Edit: take that back. it started again. it only worked for few

Re: host check orphaned

Posted: Tue Mar 10, 2015 2:36 pm
by jolson
Regarding host_check_timeout
This is the maximum number of seconds that Nagios will allow host checks to run. If checks exceed this limit, they are killed and a CRITICAL state is returned and the host will be assumed to be DOWN. A timeout error will also be logged.
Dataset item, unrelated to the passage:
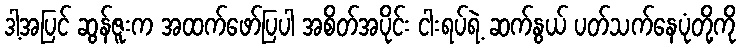
ဒါ့အပြင် ဆွန်ဇူးက အထက်ဖော်ပြပါ အစိတ်အပိုင်း ငါးရပ်ရဲ့ ဆက်နွယ် ပတ်သက်နေပုံတို့ကို

There is often widespread confusion as to what this option really does. It is meant to be used as a last ditch mechanism to kill off plugins which are misbehaving and not exiting in a timely manner. It should be set to something high (like 60 seconds or more), so that each host check normally finishes executing within this time limit. If a host check runs longer than this limit, Nagios will kill it off thinking it is a runaway processes.
http://nagios.sourceforge.net/docs/3_0/configmain.html

Re: host check orphaned

Posted: Tue Mar 10, 2015 2:47 pm
by bosecorp
thanks for the explanation.

but unfortunately, the problem came back.

Re: host check orphaned

Posted: Tue Mar 10, 2015 4:07 pm
by abrist
Are the orphaned host checks only related to hosts that are not responding?
If you manually run the host check from the gearman server, do you get a timeout?